University of Chicago recently published a study describing a new kind of attack called “downcoding,” demonstrating the vulnerability of a deidentified data set and sending a warning that these data transformations should not be considered sufficient to protect individuals’ privacy. University of Chicago computer scientist Aloni Cohen deals the latest decisive blow against the most popular deidentification techniques in a new paper. When datasets containing personal information are shared for research or used by companies, researchers try to disguise data – removing the final one or two digits of a zip code, for example – while still preserving its utility for insight. But while deidentification is often intended to satisfy legal requirements for data privacy, the most commonly used methods stand on shaky technical ground.
“Even by the regulatory standards, there’s a problem here,” said UChicago Computer Scientist Aloni Cohen. “Policymakers care about real world risks instead of hypothetical risks. So people have argued that the risks security and privacy researchers pointed out were hypothetical or very contrived. The goal when you’re doing that sort of technique is to redact as little as you need to guarantee a target level of anonymity. But if you achieve that goal of redacting just as little as you need, then the fact that that’s the minimum might tell you something about what was redacted.
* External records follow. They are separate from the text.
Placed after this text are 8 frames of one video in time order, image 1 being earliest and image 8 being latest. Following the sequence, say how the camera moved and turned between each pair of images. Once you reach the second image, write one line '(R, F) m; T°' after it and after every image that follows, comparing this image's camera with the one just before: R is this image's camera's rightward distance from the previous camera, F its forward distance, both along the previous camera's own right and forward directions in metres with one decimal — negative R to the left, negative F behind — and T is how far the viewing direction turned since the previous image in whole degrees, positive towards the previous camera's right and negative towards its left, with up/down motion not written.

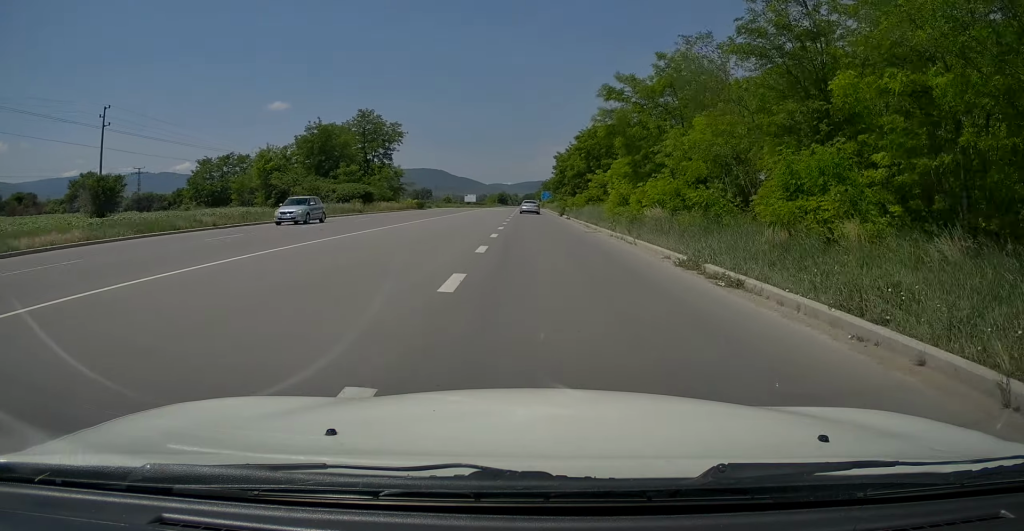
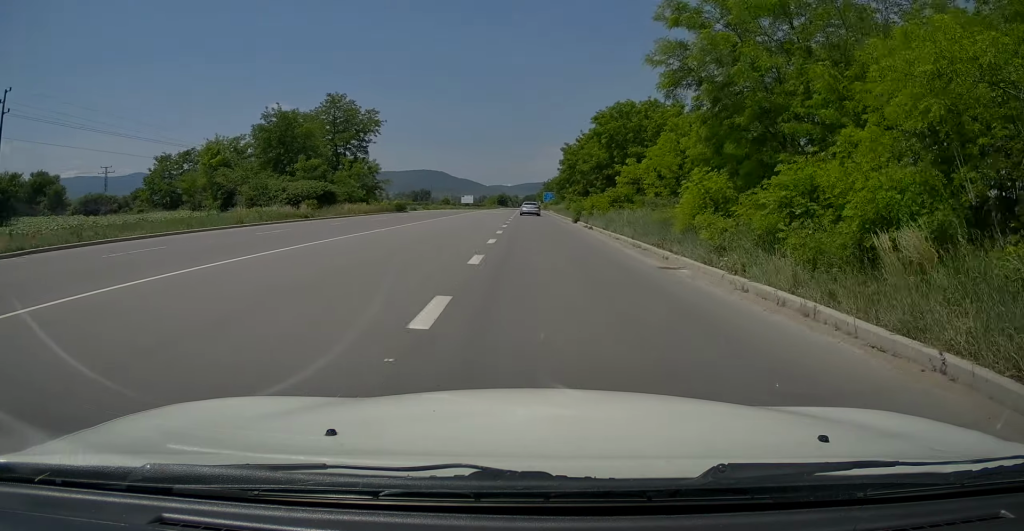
(+0.1, +13.9) m; 0°
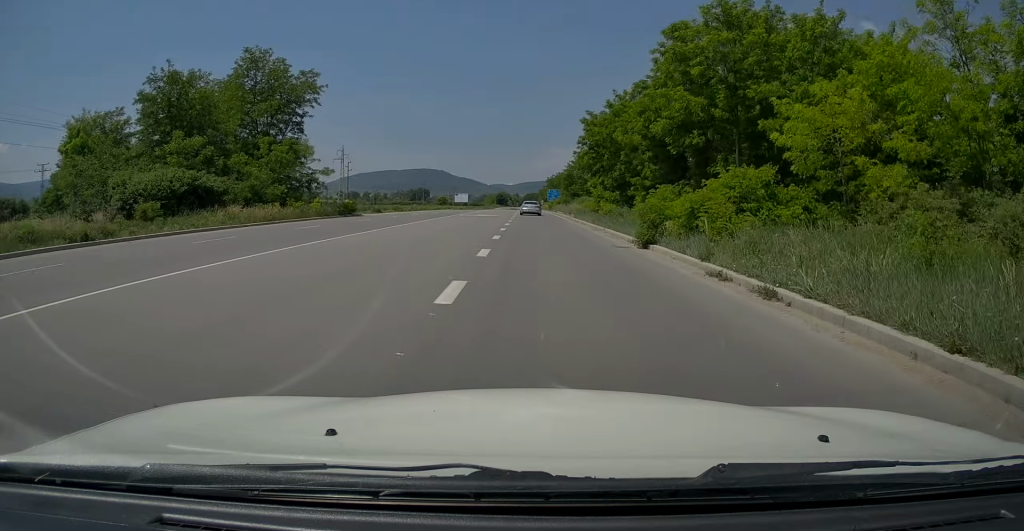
(+0.1, +22.2) m; 0°
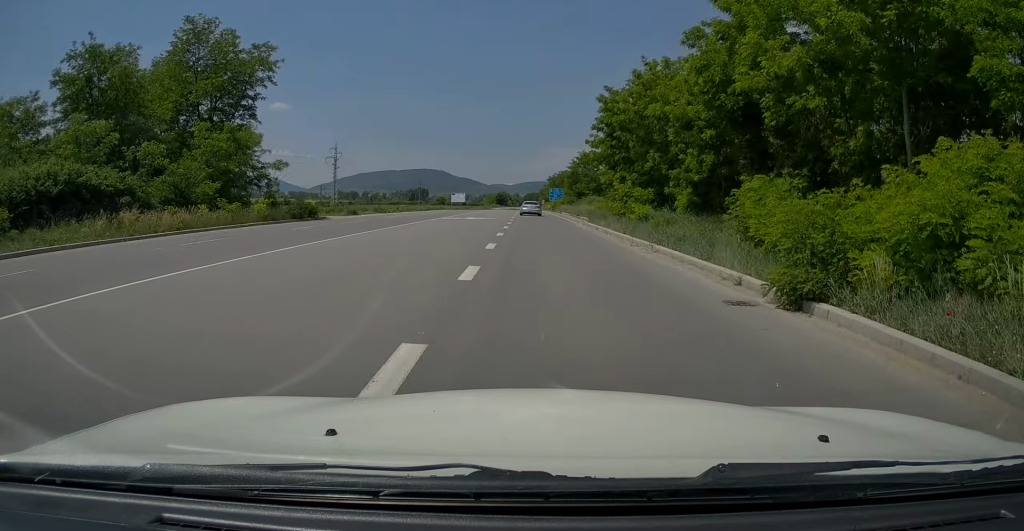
(-0.2, +9.7) m; 0°
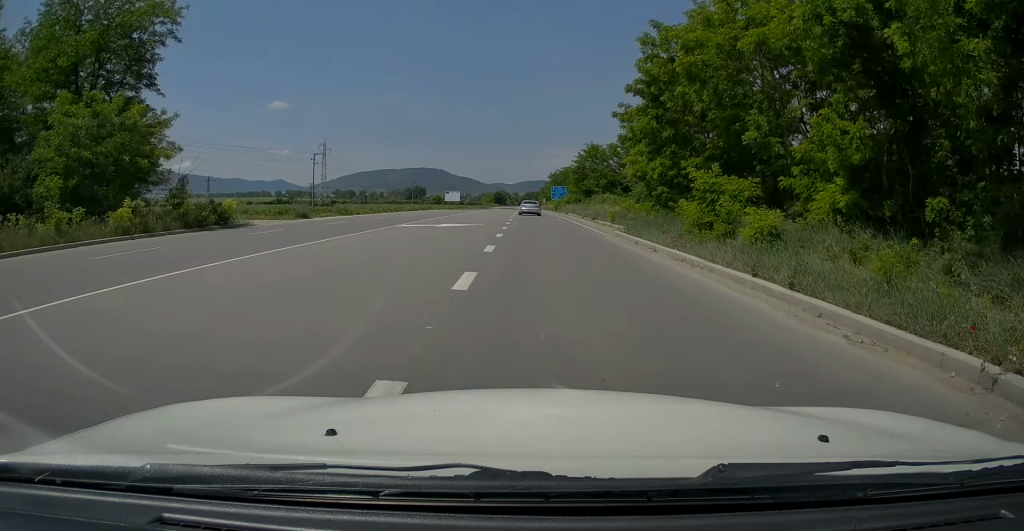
(0.0, +12.7) m; 0°
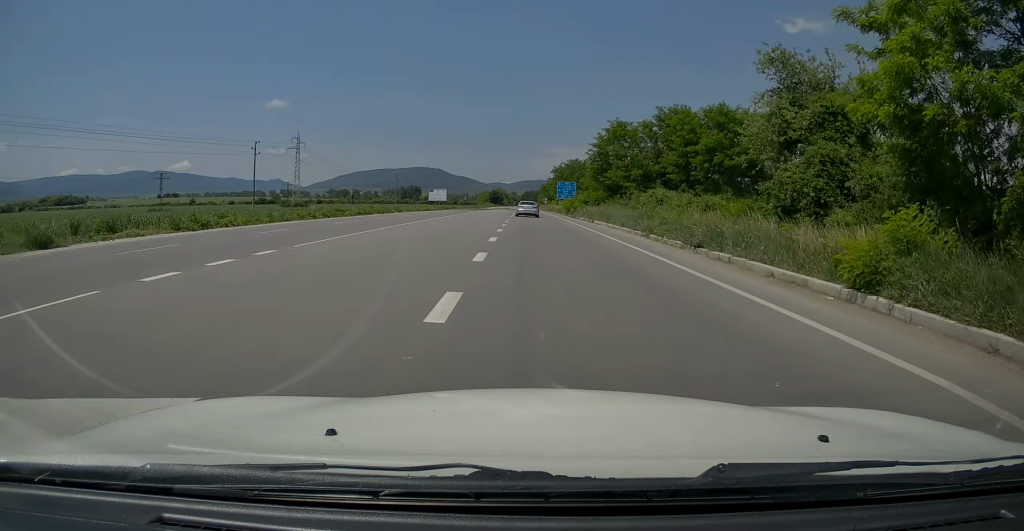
(+0.3, +25.5) m; +1°
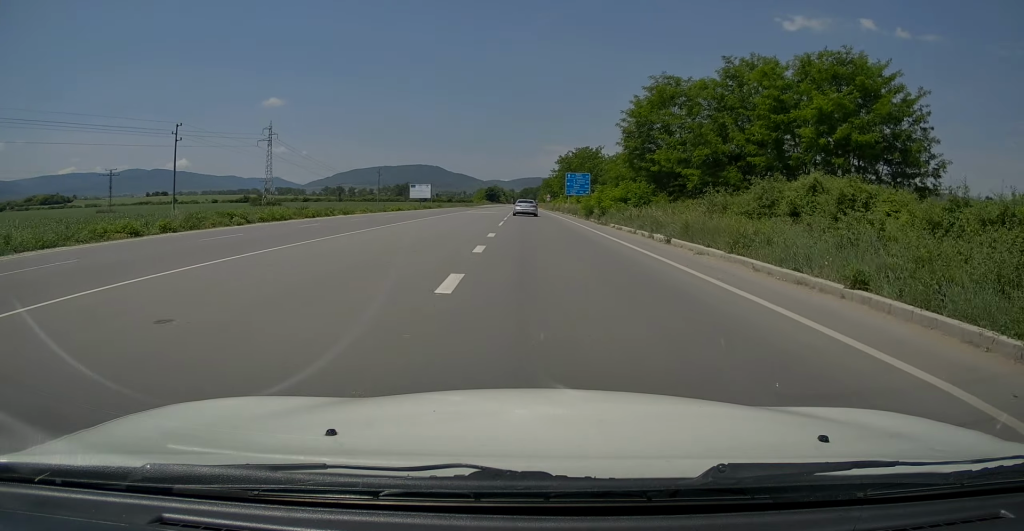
(0.0, +21.9) m; 0°
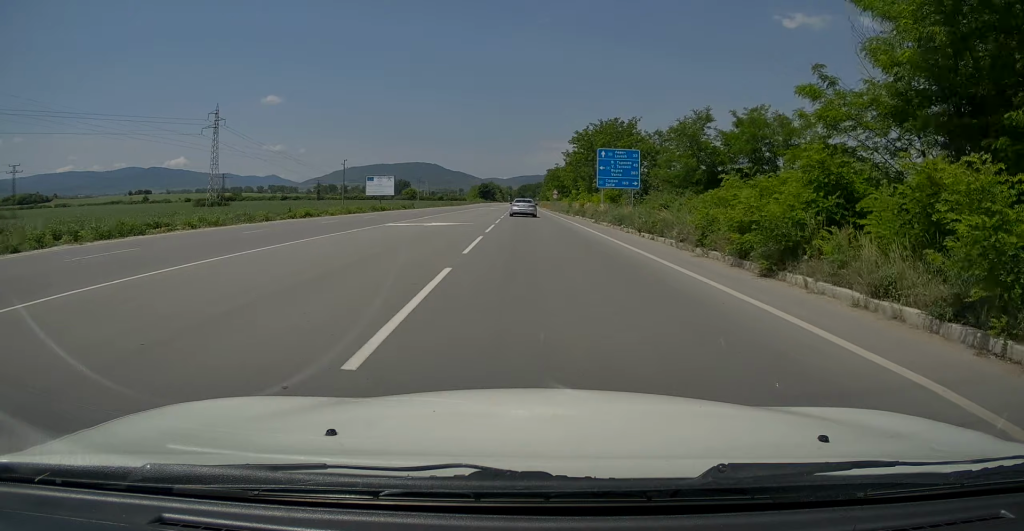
(0.0, +32.8) m; -1°

If what you want to do is take data, sanitize it, and then forget about it – put it on the web or give it to some outside researchers and decide that all your privacy obligations are done – you can’t do that using these techniques. They should not free you of your obligations to think about and protect the privacy of that data.”
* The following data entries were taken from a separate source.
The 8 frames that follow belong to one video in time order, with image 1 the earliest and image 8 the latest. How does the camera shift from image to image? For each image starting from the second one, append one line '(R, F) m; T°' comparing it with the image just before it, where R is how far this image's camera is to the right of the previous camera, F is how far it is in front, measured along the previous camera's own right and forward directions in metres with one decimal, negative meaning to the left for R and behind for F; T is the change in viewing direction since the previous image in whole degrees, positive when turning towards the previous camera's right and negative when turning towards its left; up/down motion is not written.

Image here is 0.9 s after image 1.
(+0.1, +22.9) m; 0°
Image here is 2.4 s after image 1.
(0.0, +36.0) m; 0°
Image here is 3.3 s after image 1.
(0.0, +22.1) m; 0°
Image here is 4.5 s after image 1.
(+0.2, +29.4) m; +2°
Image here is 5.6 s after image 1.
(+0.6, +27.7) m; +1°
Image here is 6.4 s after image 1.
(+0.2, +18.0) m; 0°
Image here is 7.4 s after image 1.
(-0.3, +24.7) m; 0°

By describing a new kind of attack called “downcoding,” and demonstrating the vulnerability of a deidentified data set from an online education platform, Cohen sends a warning that these data transformations should not be considered sufficient to protect individuals’ privacy. Deidentification works by redacting quasi-identifiers – information that can be put together with data from a second source to de-anonymize a data subject. Failing to account for all possible quasi-identifiers can lead to disclosures.